There are several prior works for applying GSA methods to GWA data [1, 2, 7, 9–15]. For simplicity, we call all these methods as GSA-GWA. We address two issues regarding GSA-GWA. The first issue is that there has not been a widely agreed and accepted theory on how to combine the measures of multiple SNPs into one single gene-level measure, and moreover how to combine the gene-level measures into one single gene-set level measure. In original GSA, the gene-level measure is typically a fold-change or a correlation to represent the effect of a single gene. In GWA data, however, it is often required to calculate association measures of genes by combining the SNP-level measures. The SNP-level measures include p-values, or chi-square test statistics from the univariate SNP-to-phenotype association tests. Once the SNP-level measure is decided, the gene-level summary statistics are then derived as the highest SNP-level statistics [10], the sum of SNP-level statistics [9], or the combined p-value [1].

However, there are some substantial limitations in current GSA-GWA methods. First, in deriving the summary statistics the correlation among the SNP-level association measures has not been taken appropriately into account which is expected to play an important role. The SNP-level association measures are usually correlated because the linkage equilibrium (LD) exists among SNPs. If this correlation is not correctly adjusted, the resulting gene-set-level measure would be inflated [1]. Unfortunately, many GSA-GWA methods have not considered the LD structures adequately.

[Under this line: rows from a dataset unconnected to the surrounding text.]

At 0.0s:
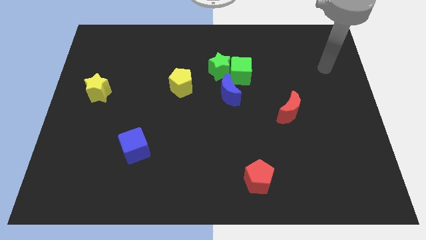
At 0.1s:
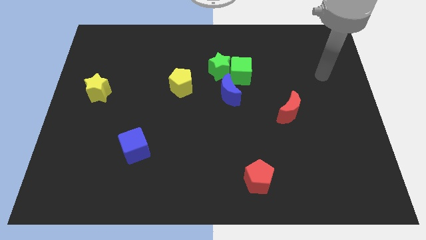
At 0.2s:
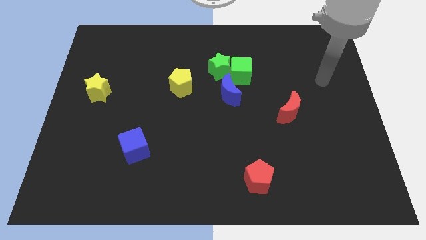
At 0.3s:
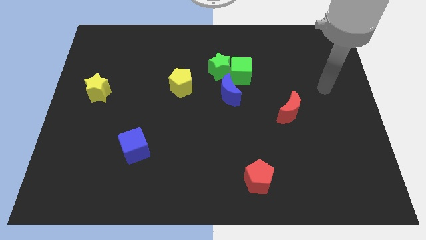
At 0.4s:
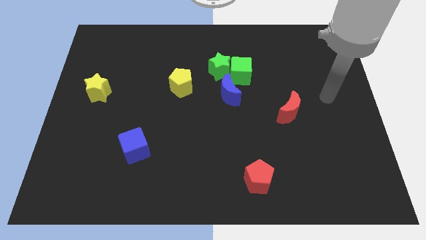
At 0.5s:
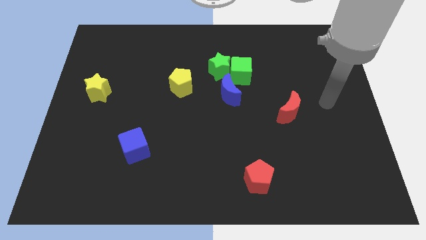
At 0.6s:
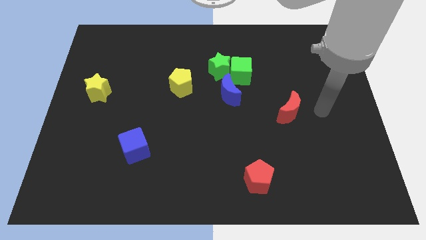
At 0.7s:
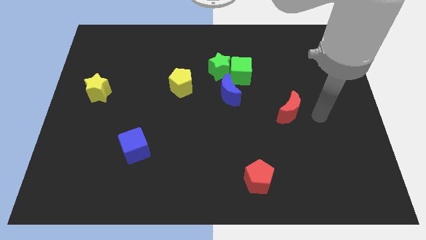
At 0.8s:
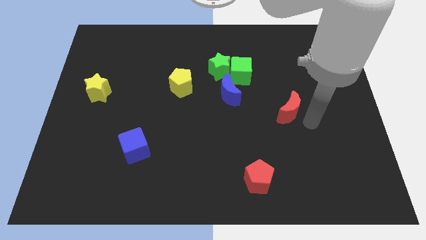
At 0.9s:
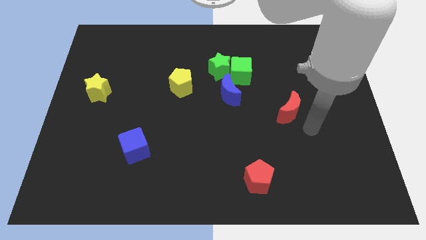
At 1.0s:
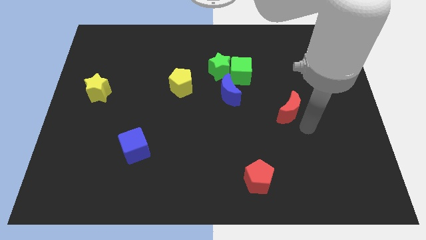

Second, the computational burden is heavy. Once having the gene-level association measures, it is possible to apply different GSA methods to get various gene-set-level statistics and evaluate their performances. However, as explained later, the majority of GSA-GWA methods implement non-parametric permutation to calculate the observed significance, which takes a heavy computing time.

There have been several efforts to resolve these limitations. As the pioneering work of GSA-GWA, GSEA [3] was extended to GWA data by Wang *et al*. [10], which has been implemented in GenGen package [11] It repeats permutation of sample label and calculation of gene set statistics 100~1,000 times [2, 10, 12–14]. This permutation-based testing can preserve a correlation among the SNP-level measures, but this is very computationally expensive in genome-wide scale.

In order to reduce computing time, some GSA-GWA studies use a parametric test. Peng *et al.*[1] used various kinds of the parametric test such as Fisher’s combination test, Sidak’s combination test, Simes’ combination test, and a FDR-based test under the independence assumption of the SNP-level p-values. A GLOSSI method developed by Chai *et al.*[9] used Fisher’s combination test under the assumption of correlated p-values.

Recently, Nam *et al*. [15] proposed the Z-statistic method that compares a specific gene-set to others. This method is the extension of the parametric analysis of gene set enrichment (PAGE) [7], which is the parametric and competitive GSA for microarray data. PAGE uses the mean of the association measures in a set as a summary measure and assumes that it follows a normal distribution by the central limit theorem when the number of genes is large.

However, these parametric methods including the Z-statistic method do not consider the LD structures adequately and assume no correlation between SNP-level p-values. In order to overcome these limitations of current GSA-GWA, we propose SNP-PRAGE, a SNP-based parametric robust analysis of gene-set enrichment, which is based on a simple normality assumption. SNP-PRAGE estimates the LD information among SNPs based on haploblock-wise covariance structure to consider the correlation among SNP-level measures without taking the permutation step.

We compare our method to other GSA-GWA methods via the simulation study in terms of size, power and computing time. We also demonstrate SNP-PRAGE using two GWA data sets: hypertension data of 8,842 samples from the Korean population and bipolar disorder data of 4,806 samples from the Wellcome Trust Case Control Consortium (WTCCC).